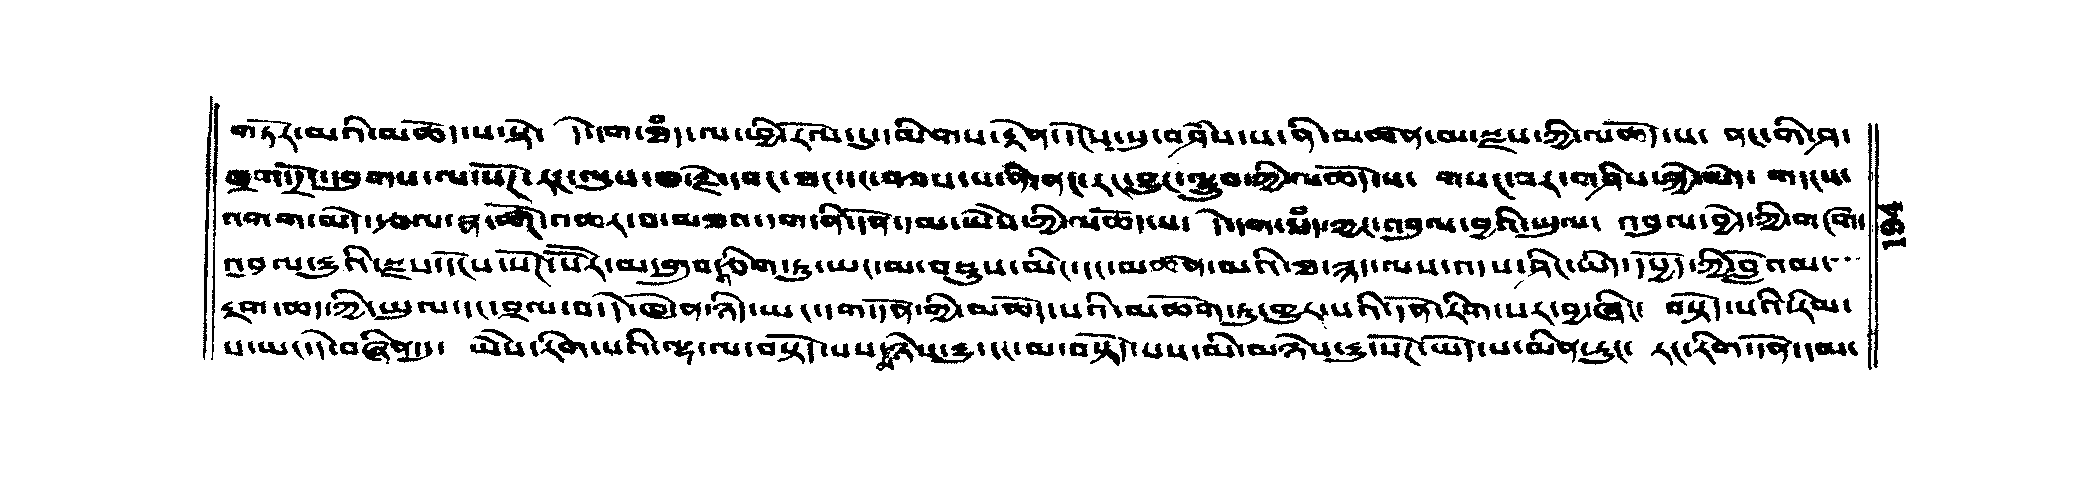གཏོར་མའི་མཆོད་པ་སྟེ། དེ་དག་ཐམས་ཅད་ལ་ཕྱི་རོལ་དུ་དམིགས་རྟེན་དངོས་སུ་བཤམས་པ་ནི་མཚན་མ་རྫས་ཀྱི་མཆོད་པ། ནང་གི་ཤ་
ཁྲག་དྲོད་དབུགས་ལ་སོགས་རང་ལུས་ཁ་རྗེ་དབང་ཐང་དང་བཅས་པ་ནི་ནང་རང་བྱུང་ལྷུན་གྲུབ་ཀྱི་མཆོད་པ། གསང་བ་གཤིས་སྐྱེ་མེད། གདངས་
འགག་མེད་རྩལ་སྣ་ཚོགས་འཆར་བ་མཐའ་དག་ནི་དོན་དམ་ཡེ་ཤེས་ཀྱི་མཆོད་པ། དེ་དག་ཐམས་ཅད་ཀྱང་འབུལ་བྱའི་ཡུལ། འབུལ་བྱེད་ཀྱི་གང་ཟག་
འབུལ་རྒྱུའི་རྫས་དངོས་སོགས་སོ་སོར་མ་གྲུབ་གཅིག་ཏུ་ཡང་མ་བསྡུས་མིང་དང་མཚན་མའི་ཐ་སྙད་ལས་འདས་ཤིང་ཡིད་དཔྱོད་ཀྱི་བློའམ་
རྟག་ཆད་ཀྱི་ཡུལ་དང་བྲལ་བ་དེ་ཁོ་ན་ཉིད་ཡང་དག་དོན་གྱི་མཆོད་པའི་མཆོག་ཏུ་གྱུར་པའི་དོན་རིག་པར་བྱ་ཞིང་། བསྟོད་པའི་རིམ་པ་
ཡང་དེ་བཞིན་དུ། ཡེ་ཤེས་རིག་པའི་ལྷ་ལ་བསྟོད་པས་མཉེས་རྒྱུ་དང་མ་བསྟོད་པས་མི་མཉེས་རྒྱུ་སོགས་ཡོད་པ་མིན་རུང་། རང་རིག་དོན་དམ་

**WORK REQUIRED:**
Print the listing exactly, pictures excluded.

**RESULT OF THIS TASK:**
གཏོར་མའི་མཆོད་པ་སྟེ། དེ་དག་ཐམས་ཅད་ལ་ཕྱི་རོལ་དུ་དམིགས་རྟེན་དངོས་སུ་བཤམས་པ་ནི་མཚན་མ་རྫས་ཀྱི་མཆོད་པ། ནང་གི་ཤ་
ཁྲག་དྲོད་དབུགས་ལ་སོགས་རང་ལུས་ཁ་རྗེ་དབང་ཐང་དང་བཅས་པ་ནི་ནང་རང་བྱུང་ལྷུན་གྲུབ་ཀྱི་མཆོད་པ། གསང་བ་གཤིས་སྐྱེ་མེད། གདངས་
འགག་མེད་རྩལ་སྣ་ཚོགས་འཆར་བ་མཐའ་དག་ནི་དོན་དམ་ཡེ་ཤེས་ཀྱི་མཆོད་པ། དེ་དག་ཐམས་ཅད་ཀྱང་འབུལ་བྱའི་ཡུལ། འབུལ་བྱེད་ཀྱི་གང་ཟག་
འབུལ་རྒྱུའི་རྫས་དངོས་སོགས་སོ་སོར་མ་གྲུབ་གཅིག་ཏུ་ཡང་མ་བསྡུས་མིང་དང་མཚན་མའི་ཐ་སྙད་ལས་འདས་ཤིང་ཡིད་དཔྱོད་ཀྱི་བློའམ་
རྟག་ཆད་ཀྱི་ཡུལ་དང་བྲལ་བ་དེ་ཁོ་ན་ཉིད་ཡང་དག་དོན་གྱི་མཆོད་པའི་མཆོག་ཏུ་གྱུར་པའི་དོན་རིག་པར་བྱ་ཞིང་། བསྟོད་པའི་རིམ་པ་
ཡང་དེ་བཞིན་དུ། ཡེ་ཤེས་རིག་པའི་ལྷ་ལ་བསྟོད་པས་མཉེས་རྒྱུ་དང་མ་བསྟོད་པས་མི་མཉེས་རྒྱུ་སོགས་ཡོད་པ་མིན་རུང་། རང་རིག་དོན་དམ་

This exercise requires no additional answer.